What you are asked to do: For the listing below, give the number of lines that hold the string "EFUSEUSR", without anything else.

Working data:
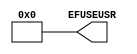
///////////////////////////////////////////////////////
//  Copyright (c) 2009 Xilinx Inc.
//  All Right Reserved.
///////////////////////////////////////////////////////
//   ____   ___
//  /   /\/   / 
// /___/  \  /     Vendor      : Xilinx 
// \  \    \/      Version : 10.1
//  \  \           Description : 
//  /  /                      
// /__/   /\       Filename    : EFUSE_USR.v
// \  \  /  \      Timestamp : Wed Mar 19 12:34:06 2008
//  \__\/\__ \                    
//                                 
// Revision:
//    03/19/08 - Initial version.  
//    12/13/11 - Added `celldefine and `endcelldefine (CR 524859).
// End Revision

`timescale 1 ps / 1 ps 

`celldefine

module EFUSE_USR (
  EFUSEUSR
);

  parameter [31:0] SIM_EFUSE_VALUE = 32'h00000000;

`ifdef XIL_TIMING

  parameter LOC = "UNPLACED";

`endif

    
  output [31:0] EFUSEUSR;

  assign EFUSEUSR = SIM_EFUSE_VALUE;

  specify

      specparam PATHPULSE$ = 0;

  endspecify

endmodule

`endcelldefine
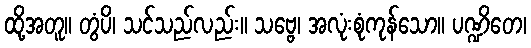
ထို့အတူ။ တွံပိ၊ သင်သည်လည်း။ သဗ္ဗေ၊ အလုံးစုံကုန်သော။ ပဏ္ဍိတေ၊
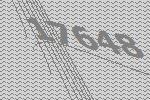
17648
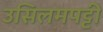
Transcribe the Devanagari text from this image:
उसिलमपट्टी
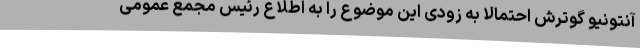
آنتونیو گوترش احتمالا به زودی این موضوع را به اطلاع رئیس مجمع عمومی
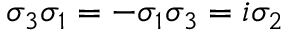
\sigma _ { 3 } \sigma _ { 1 } = - \sigma _ { 1 } \sigma _ { 3 } = i \sigma _ { 2 }
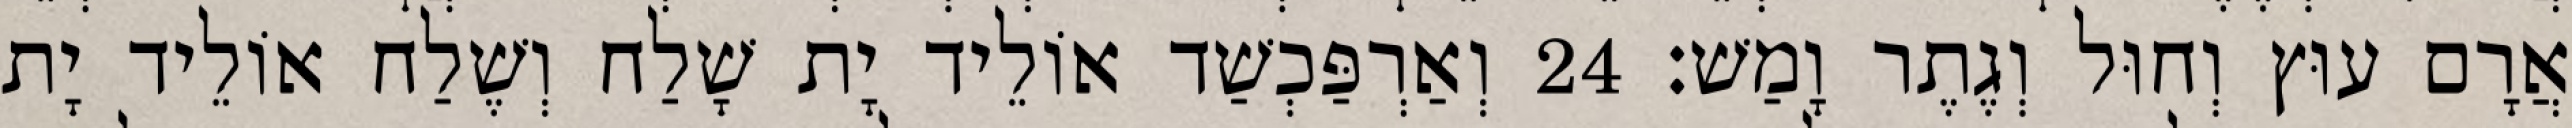
אֲרָם עוּץ וְחוּל וְגֶתֶר וָמַשׁ׃ 24 וְאַרְפַּכְשַׁד אוֹלֵיד יָת שָׁלַח וְשֶׁלַח אוֹלֵיד יָת
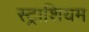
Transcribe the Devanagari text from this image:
स्ट्राशियम
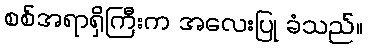
စစ်အရာရှိကြီးက အလေးပြု ခံသည်။
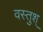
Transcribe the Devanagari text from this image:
वस्तुश्
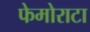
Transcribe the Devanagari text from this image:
फेमोराटा
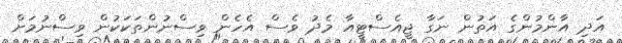
އަދި އާންމުންގެ އަތުން ނަގާ ޖީއެސްޓީއާ މެދު ވެސް އެހެން ވިސްނުންތަކަކުން ވިސްނުމަށް

Output: 3